Directions for this task: For this exercise, restate word for word only the lines from the first line of the data to the line containing "<!-- Generator: Adobe".
#####
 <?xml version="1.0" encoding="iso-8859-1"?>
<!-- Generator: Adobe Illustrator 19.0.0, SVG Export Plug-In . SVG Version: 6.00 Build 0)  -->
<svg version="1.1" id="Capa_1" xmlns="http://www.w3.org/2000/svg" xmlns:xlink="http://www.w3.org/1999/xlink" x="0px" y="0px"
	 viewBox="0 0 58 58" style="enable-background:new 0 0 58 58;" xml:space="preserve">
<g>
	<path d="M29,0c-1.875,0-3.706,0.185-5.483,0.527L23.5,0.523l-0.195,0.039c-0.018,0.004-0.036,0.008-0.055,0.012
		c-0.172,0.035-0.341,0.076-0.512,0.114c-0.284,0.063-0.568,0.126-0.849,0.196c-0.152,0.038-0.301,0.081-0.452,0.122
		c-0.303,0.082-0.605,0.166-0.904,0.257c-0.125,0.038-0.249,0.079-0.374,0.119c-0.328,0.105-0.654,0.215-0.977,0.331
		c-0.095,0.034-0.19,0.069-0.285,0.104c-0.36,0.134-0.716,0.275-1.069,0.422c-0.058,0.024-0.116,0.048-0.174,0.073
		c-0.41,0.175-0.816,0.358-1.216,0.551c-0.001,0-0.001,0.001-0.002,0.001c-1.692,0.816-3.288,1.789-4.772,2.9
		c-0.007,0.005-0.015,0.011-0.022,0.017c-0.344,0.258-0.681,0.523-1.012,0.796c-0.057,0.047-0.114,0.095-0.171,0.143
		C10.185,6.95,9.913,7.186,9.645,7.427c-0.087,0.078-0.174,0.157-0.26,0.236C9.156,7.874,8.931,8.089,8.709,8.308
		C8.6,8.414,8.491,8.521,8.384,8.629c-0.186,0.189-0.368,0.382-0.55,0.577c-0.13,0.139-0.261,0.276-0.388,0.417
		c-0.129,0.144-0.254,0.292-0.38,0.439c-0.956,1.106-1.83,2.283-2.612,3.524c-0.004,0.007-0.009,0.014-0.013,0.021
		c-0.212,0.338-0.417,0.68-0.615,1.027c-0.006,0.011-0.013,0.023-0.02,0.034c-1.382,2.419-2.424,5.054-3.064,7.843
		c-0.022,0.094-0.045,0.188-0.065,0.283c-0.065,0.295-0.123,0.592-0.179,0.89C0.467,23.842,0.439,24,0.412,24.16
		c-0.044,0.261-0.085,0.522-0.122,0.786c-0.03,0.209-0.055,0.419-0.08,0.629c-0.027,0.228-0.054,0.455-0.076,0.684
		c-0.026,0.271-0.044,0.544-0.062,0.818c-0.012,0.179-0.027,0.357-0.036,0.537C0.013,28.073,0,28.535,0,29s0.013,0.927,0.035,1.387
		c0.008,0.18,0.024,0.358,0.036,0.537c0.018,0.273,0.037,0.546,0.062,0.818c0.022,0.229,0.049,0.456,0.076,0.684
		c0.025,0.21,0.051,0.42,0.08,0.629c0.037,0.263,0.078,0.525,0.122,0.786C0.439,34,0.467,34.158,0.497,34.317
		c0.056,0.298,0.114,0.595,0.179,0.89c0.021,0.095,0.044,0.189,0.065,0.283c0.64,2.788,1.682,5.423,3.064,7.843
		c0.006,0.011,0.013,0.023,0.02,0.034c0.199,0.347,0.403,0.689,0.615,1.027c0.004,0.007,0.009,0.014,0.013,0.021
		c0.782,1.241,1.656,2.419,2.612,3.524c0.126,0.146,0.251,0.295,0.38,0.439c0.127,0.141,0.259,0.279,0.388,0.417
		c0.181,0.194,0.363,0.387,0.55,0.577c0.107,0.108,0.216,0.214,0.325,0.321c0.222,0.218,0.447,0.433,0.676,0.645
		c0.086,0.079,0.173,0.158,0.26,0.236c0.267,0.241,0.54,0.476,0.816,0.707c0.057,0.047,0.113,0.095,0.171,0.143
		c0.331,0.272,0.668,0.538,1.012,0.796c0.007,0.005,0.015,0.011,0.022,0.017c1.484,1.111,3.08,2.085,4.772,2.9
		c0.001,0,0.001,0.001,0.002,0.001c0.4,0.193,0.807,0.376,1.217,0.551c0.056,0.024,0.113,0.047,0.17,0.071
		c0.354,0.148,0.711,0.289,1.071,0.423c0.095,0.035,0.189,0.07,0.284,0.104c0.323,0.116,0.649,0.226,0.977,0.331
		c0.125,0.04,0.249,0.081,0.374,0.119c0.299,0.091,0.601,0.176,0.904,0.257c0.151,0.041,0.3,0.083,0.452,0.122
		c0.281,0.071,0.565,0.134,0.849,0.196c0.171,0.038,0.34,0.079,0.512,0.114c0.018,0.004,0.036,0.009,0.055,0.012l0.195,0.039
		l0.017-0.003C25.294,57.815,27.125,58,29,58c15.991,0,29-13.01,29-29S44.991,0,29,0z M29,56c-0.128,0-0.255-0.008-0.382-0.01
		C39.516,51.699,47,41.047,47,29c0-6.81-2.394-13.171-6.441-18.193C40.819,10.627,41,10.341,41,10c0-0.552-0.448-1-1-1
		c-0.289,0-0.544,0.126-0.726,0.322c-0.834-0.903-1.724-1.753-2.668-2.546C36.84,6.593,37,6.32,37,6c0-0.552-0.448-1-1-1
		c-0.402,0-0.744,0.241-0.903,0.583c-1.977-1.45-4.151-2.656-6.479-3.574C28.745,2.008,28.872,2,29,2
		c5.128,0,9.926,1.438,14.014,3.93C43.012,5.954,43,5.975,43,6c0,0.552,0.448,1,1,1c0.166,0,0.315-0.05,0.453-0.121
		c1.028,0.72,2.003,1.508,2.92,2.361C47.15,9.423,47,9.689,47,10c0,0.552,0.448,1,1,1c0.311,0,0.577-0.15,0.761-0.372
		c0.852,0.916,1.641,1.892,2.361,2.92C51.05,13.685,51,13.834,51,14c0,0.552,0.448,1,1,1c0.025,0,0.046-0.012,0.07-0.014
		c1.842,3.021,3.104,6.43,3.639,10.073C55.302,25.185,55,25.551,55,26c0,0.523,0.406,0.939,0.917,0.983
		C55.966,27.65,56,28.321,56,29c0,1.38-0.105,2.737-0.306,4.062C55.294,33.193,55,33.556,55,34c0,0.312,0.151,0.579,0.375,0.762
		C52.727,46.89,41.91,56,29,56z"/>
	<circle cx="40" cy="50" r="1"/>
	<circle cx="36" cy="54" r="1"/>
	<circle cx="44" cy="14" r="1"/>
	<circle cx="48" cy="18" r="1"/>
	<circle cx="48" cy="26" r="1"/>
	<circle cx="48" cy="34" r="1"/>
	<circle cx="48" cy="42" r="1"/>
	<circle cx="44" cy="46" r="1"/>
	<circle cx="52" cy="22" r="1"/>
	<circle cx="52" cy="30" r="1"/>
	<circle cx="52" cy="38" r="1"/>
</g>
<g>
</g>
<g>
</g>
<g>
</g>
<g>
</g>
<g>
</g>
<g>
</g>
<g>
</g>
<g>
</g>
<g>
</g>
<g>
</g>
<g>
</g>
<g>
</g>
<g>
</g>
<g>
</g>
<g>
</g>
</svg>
#####
Completed task:
 <?xml version="1.0" encoding="iso-8859-1"?>
<!-- Generator: Adobe Illustrator 19.0.0, SVG Export Plug-In . SVG Version: 6.00 Build 0)  -->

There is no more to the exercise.